Must be missing something simple…
-
I have pfSense running 2 networks:
WIFI Interface - 192.168.4.1 (192.168.4.x)
LAN Interface - 192.168.5.1 (192.168.5.x)I also have OpenVPN running. I have a firewall rule on the WIFI interface to route ALL traffic to the VPN gateway. The LAN traffic goes straight to WAN.
What I am trying to accomplish is put a rule on the WIFI interface, before the OpenVPN traffic routing, that will allow me to access clients on the LAN network. For example, if a device on the WIFI network (192.168.4.100) wants to talk to a device on the LAN network (192.168.5.100), it should be able to do that without being routed to the firewall gateway.

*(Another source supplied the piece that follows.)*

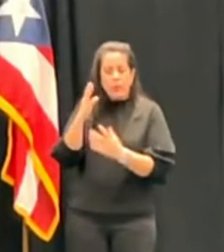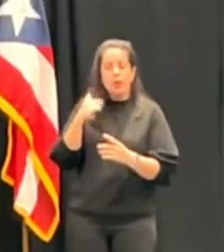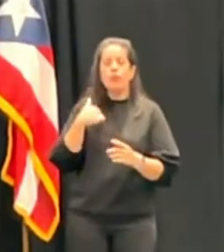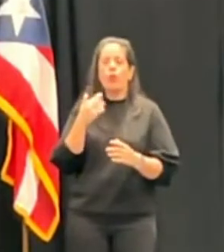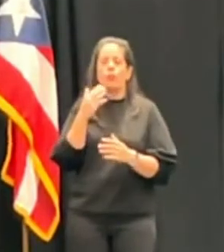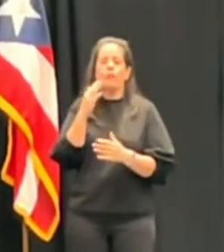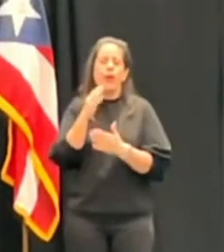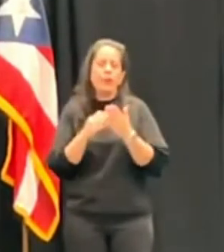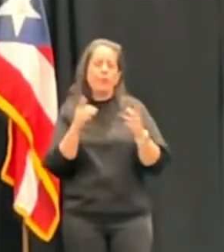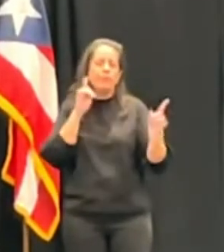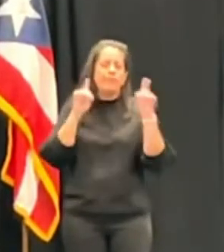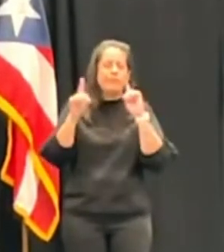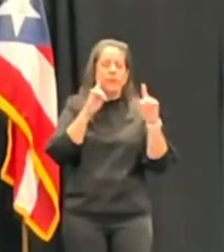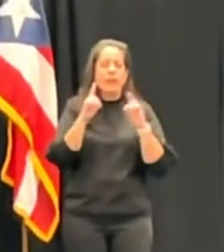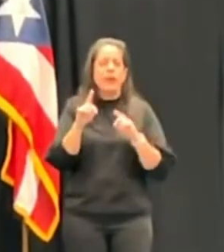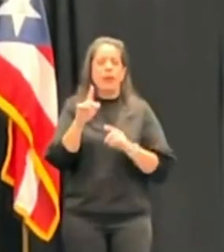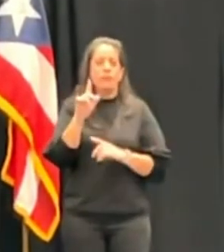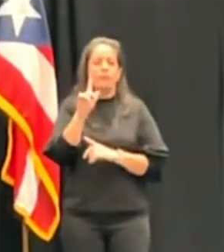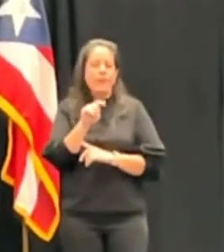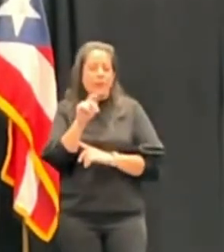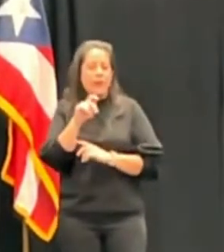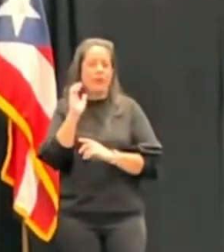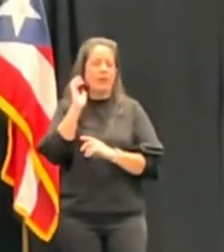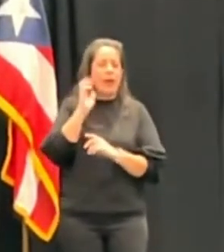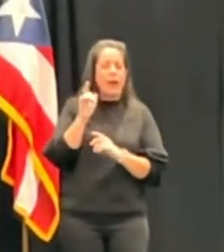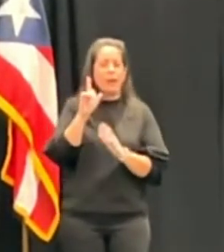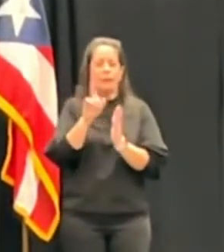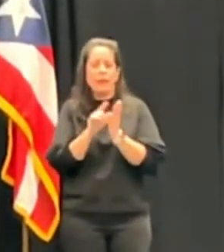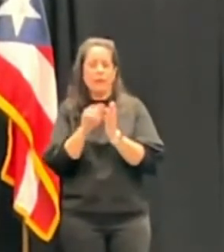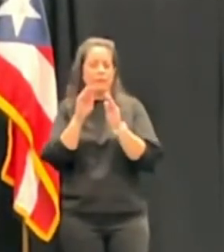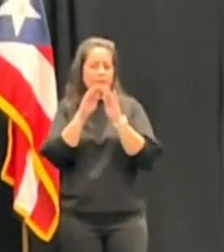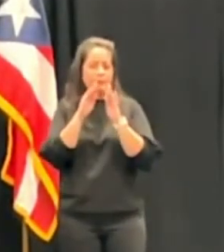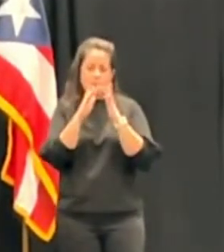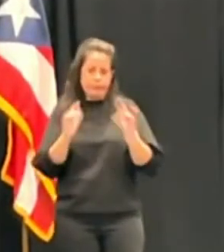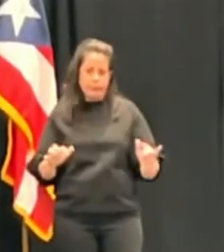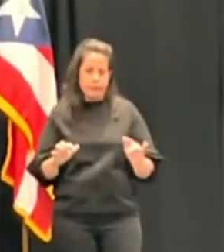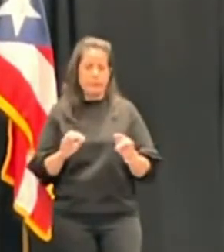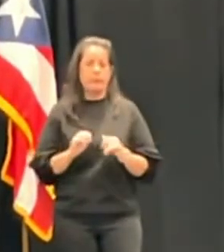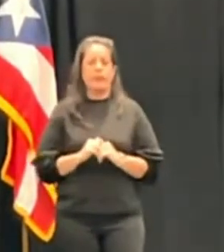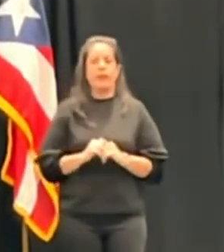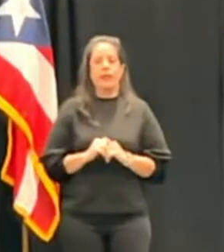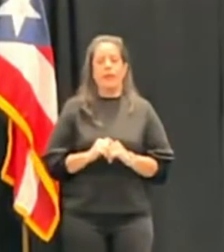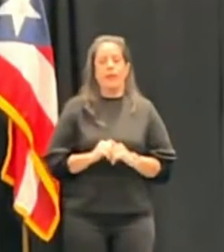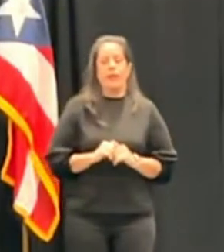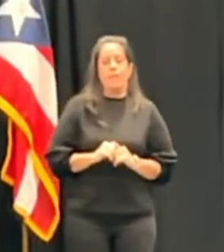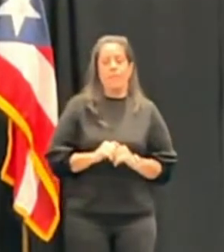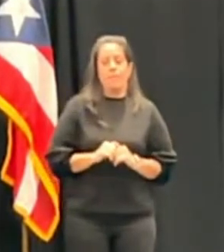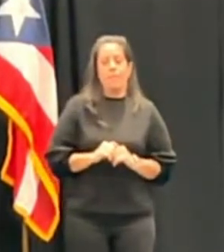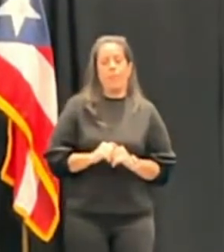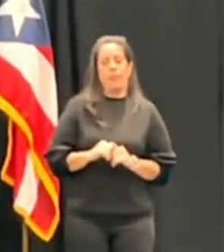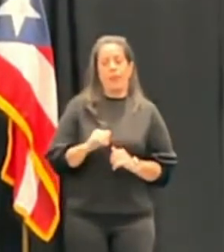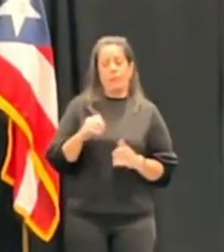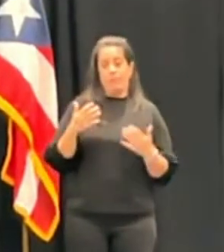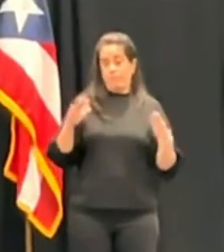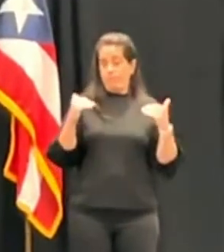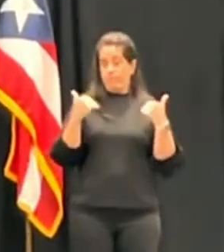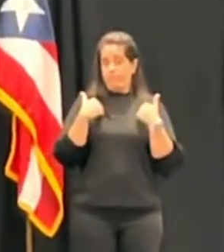escuchado a través de los medios de comunicación, nunca directamente, así que en ese sentido, teníamos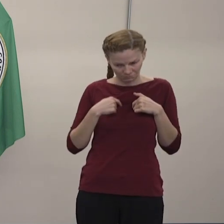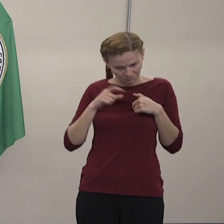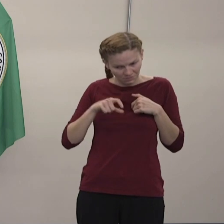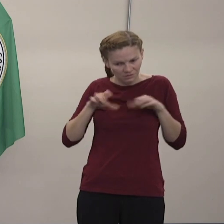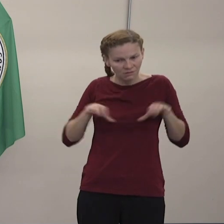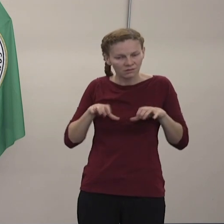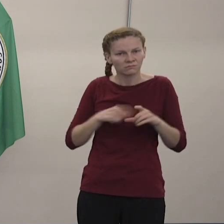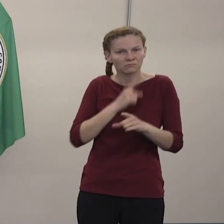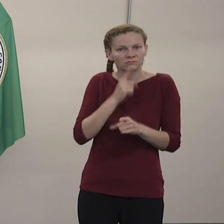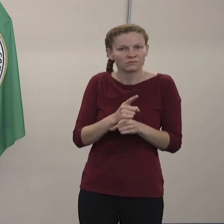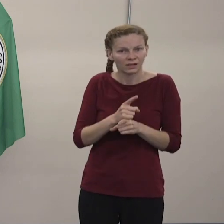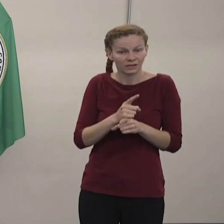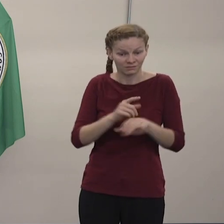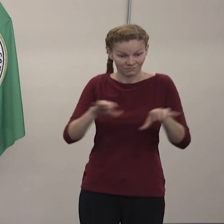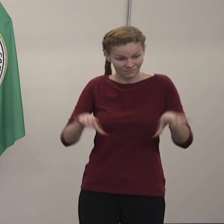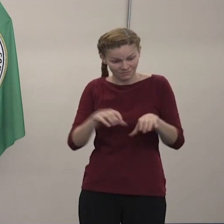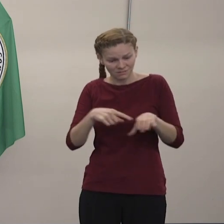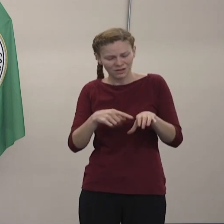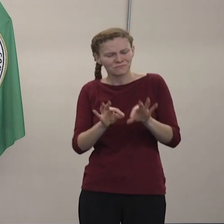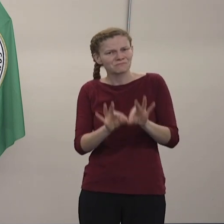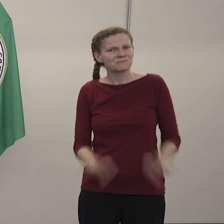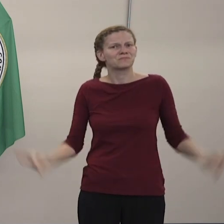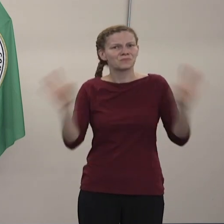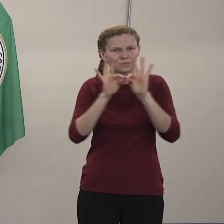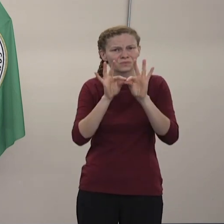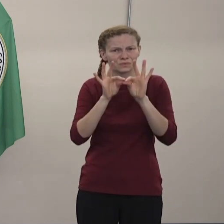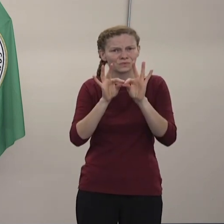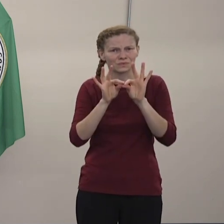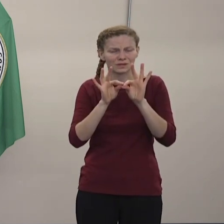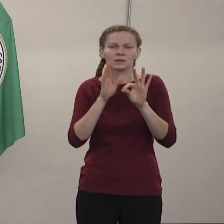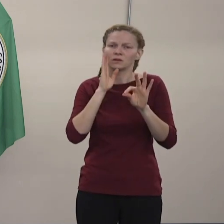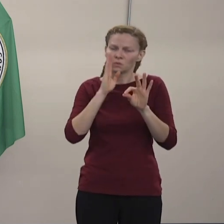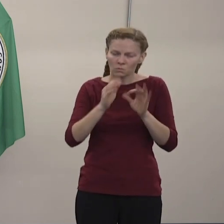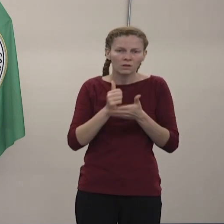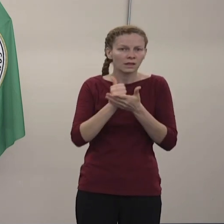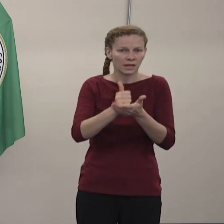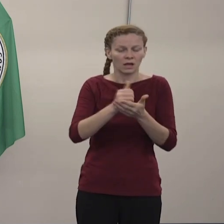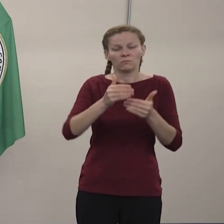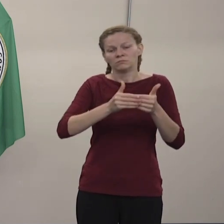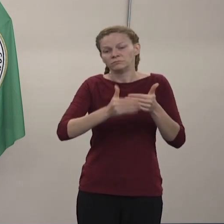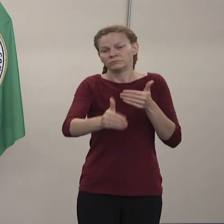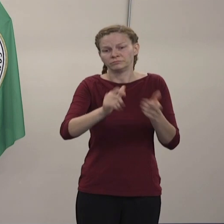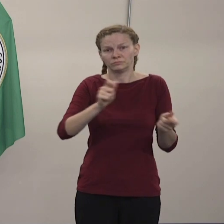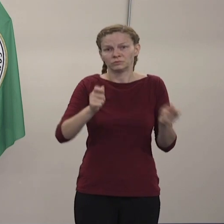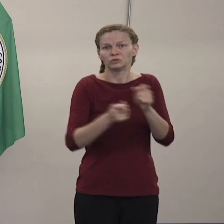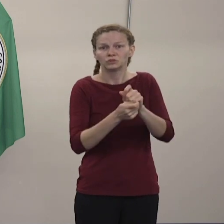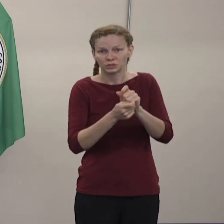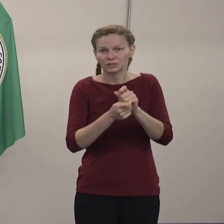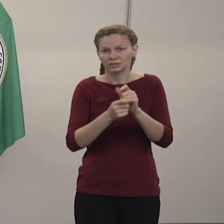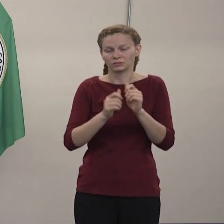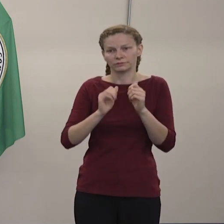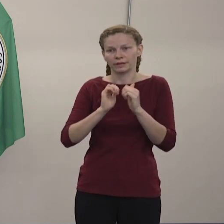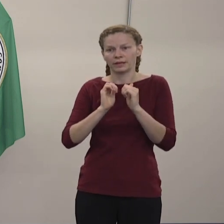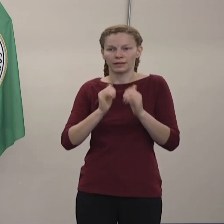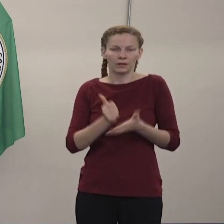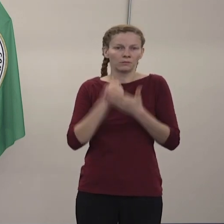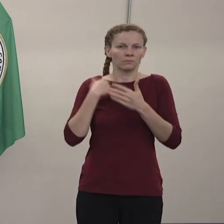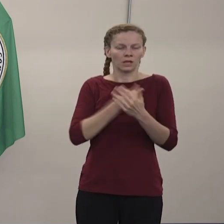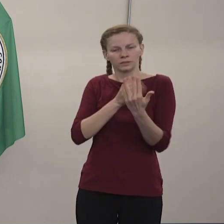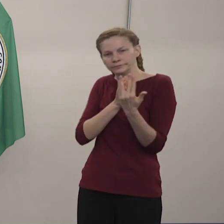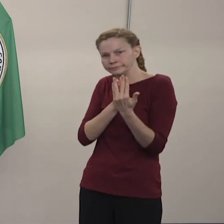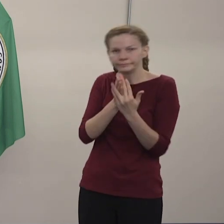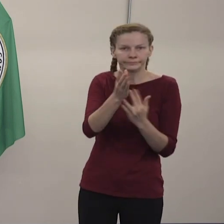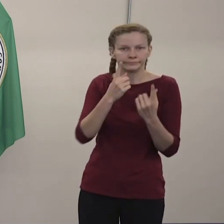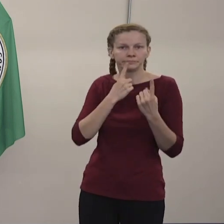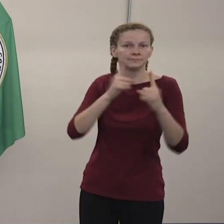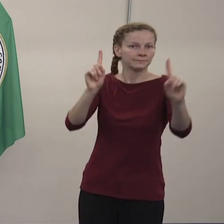Nuestras acciones importan y harán que se haga una diferencia de cómo salimos de esta pandemia. Muchas gracias.

I've tried many combinations of SOURCE/DESTINATION, it seems like LAN Net/Address doesn't trigger when pinging the 192.168.5.x network, even though that is the LAN network.
-
you have lan address in there as dest, if you want to get to stuff on the lan, that should be lan network, your just allowing access to pfsense lan IP with that rule.
Which you already allow with the dest firewall rule above it.
-
Thanks for the reply.
I've tried both versions of the destination, see the attached screenshot. Still can't ping 192.168.5.x devices from WIFI.
-
and what are you pinging? Windows machine out of the box with its firewall running will not allow ping from devices other than its local network. So your wifi network would not be allowed to ping it.
-
Windows Firewall is off for private network.
If I remove the gateway for the bottom WIFI rule, I can reach all 192.168.5.x devices fine. When I define traffic to the VPN it can't get there, that is why I'm trying to setup an additional rule in front of that VPN rule.
-
Did u clear states after adding new rule? This how policy routing works i do it same way u have rule before u send it out gateway that allows the traffic with no gateway set
-
Windows Firewall is off for private network.
If I remove the gateway for the bottom WIFI rule, I can reach all 192.168.5.x devices fine. When I define traffic to the VPN it can't get there, that is why I'm trying to setup an additional rule in front of that VPN rule.
I've seen Windows mark my private network as public. Changing it to private required messing with the Registry.
-
I've seen Windows mark my private network as public. Changing it to private required messing with the Registry.
Windows marks a network as public if there is no default gateway defined on the network adapter.
So setting a default route on the VPN adapter let Windows handles it as private.
Sure, since I don't want to route all my traffic over VPN, I found a workaround for this. I set my OpenVPN server to push routes with high very metric (512) by enteringpush "route-metric 512"
in the custom options field.
However, this metric is applied for all routes the server pushes to the client, but no matter, since there is no other route for the same networks with lower metric.
So I've 2 default routes now, one over VPN gateway with metric 512 and one the wired interface with 10.This works fine for months now on Windows an Linux clients.
-
While that works for a client connecting to a vpn.. That is not what the OP is doing. He has pfsense making a client connection to his vpn and he doesn't want to route all traffic over that vpn. Only traffic that is not going to one of his other networks.
How this is done is simple rule above the rule that shoves the traffic down the vpn to allow the traffic to use the normal pfsense routes/connections to other networks.
https://doc.pfsense.org/index.php/What_is_policy_routing
Do you have this vpn connection set as default in your routing tab? This should not be set as default.. Example see my attached setup. Also you shouldn't really be pulling routes from the client vpn connections.. Your just shoving traffic down it via your firewall rule, you do not need to get any route info from that connection. See my 2nd attachement
-
Harvy66 spoke from how Windows handles networks and I had something to contribute. Apologise if that digresses from the topic, but that happens a post above.
-
Huh.. While your solution would work for a client directly connecting to a vpn, was just pointing out that is not what the OP is doing.